CHEAP-tier agents like Librarian and Explore are called frequently but don’t need heavy lifting. Switching to DeepSeek-V3.2 significantly reduced overall costs.

8.4 Reserve EXPENSIVE Agents for Critical Scenarios

Don’t cheap out on EXPENSIVE-tier agents like Oracle and Metis. They handle complex tasks that require strong reasoning capabilities.

8.5 Testing Beats Theory

After configuration, I recommend testing these typical scenarios:

  • Code search (triggers Explore)
  • Documentation retrieval (triggers Librarian)
  • Visual analysis (triggers Multimodal-looker)
  • Complex architecture design (triggers Oracle or Ultrabrain)

9. Conclusion

The biggest takeaway from this configuration exercise: there’s no best model, only the most suitable one.

  • Kimi-K2.5: Top choice for multimodal scenarios—visual analysis, long document processing
  • MiniMax-M2.5: Code review and quick edits powerhouse with unbeatable value
  • GLM-5.0: The “brain” for complex planning and orchestration—low hallucination matters
  • DeepSeek-V3.2: Budget-friendly expert for deep work and documentation retrieval
  • GLM-4.7: Balanced performer for medium-complexity tasks

After applying this configuration, the entire system feels noticeably more efficient. Each agent is doing what it excels at, and costs are more reasonable too.

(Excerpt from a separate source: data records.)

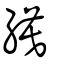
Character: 縸
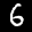
Label: 6
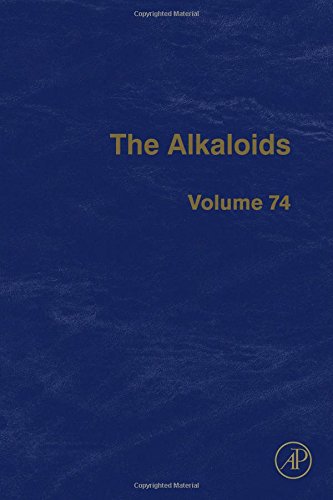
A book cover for The Alkaloids, Volume 74; Science & Math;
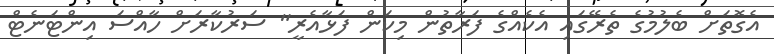
އެގޮތަށް ބެލުމުގެ ތެރޭގައި އެކެއްގެ ފަރާތުން މިކަން ފަޅާއެރީ" ސަރުކާރަށް ހާއްސަ އިންޓަނެޓް
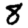
Digit: 8
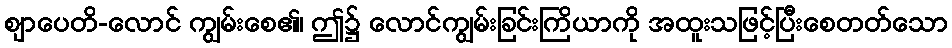
ဈာပေတိ-လောင် ကျွမ်းစေ၏၊ ဤ၌ လောင်ကျွမ်းခြင်းကြိယာကို အထူးသဖြင့်ပြီးစေတတ်သော
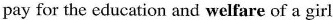
pay for the education and welfare of a girl
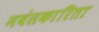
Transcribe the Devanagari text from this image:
मवंसकारिता
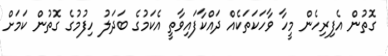
ގޮތުން އެފިރިހެން މީހާ ވާހަކަތަކެއް ދައްކާފައިވާތީ އެކަމުގެ ބަދަލު ހިފުމުގެ ގޮތުން ކަމަށް
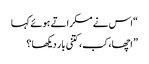
“اس نے مسکراتے ہوئے کہا
” اچھا، کب، کتنی بار دیکھا ؟
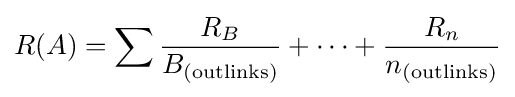
R(A)=\sum {R_{B} \over B_{\text{(outlinks)}}}+\cdots +{R_{n} \over n_{\text{(outlinks)}}}
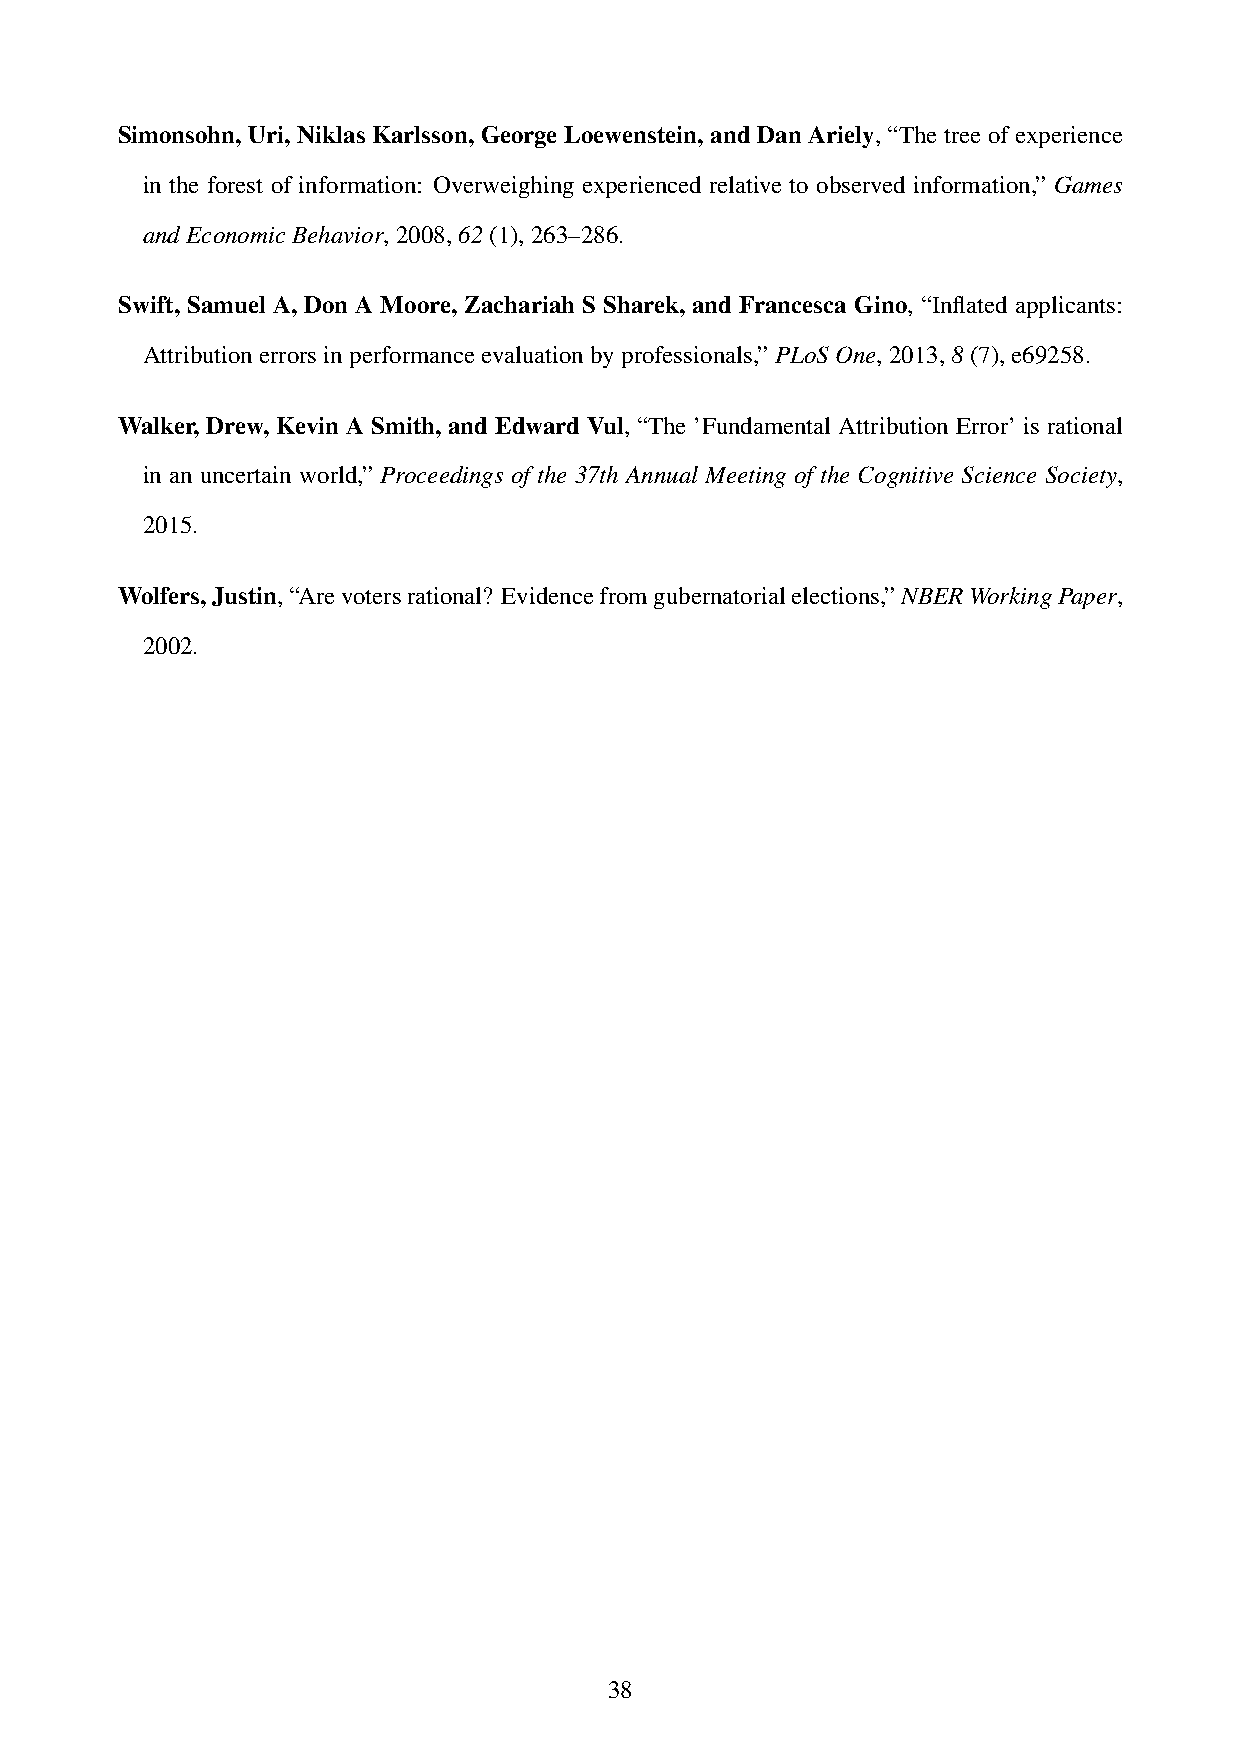
Simonsohn, Uri, Niklas Karlsson, George Loewenstein, and Dan Ariely, “The tree of experience
 in the forest of information: Overweighing experienced relative to observed information,” Games
 andEconomicBehavior,2008,62(1),263–286.
 Swift, Samuel A, Don A Moore, Zachariah S Sharek, and Francesca Gino, “Inflated applicants:
 Attributionerrorsinperformanceevaluationbyprofessionals,”PLoSOne,2013,8(7),e69258.
 Walker, Drew, Kevin A Smith, and Edward Vul, “The ’Fundamental Attribution Error’ is rational
 in an uncertain world,” Proceedings of the 37th Annual Meeting of the Cognitive Science Society,
 2015.
 Wolfers,Justin,“Arevotersrational? Evidencefromgubernatorialelections,”NBERWorkingPaper,
 2002.
 38

If you’re also using oh-my-opencode, I’d suggest tweaking the configuration based on your own use cases. After all, finding the right partner for the job is what doubles your productivity.


Note: This article is based on model data from March 2026. Benchmarks and pricing may change—please refer to the latest data.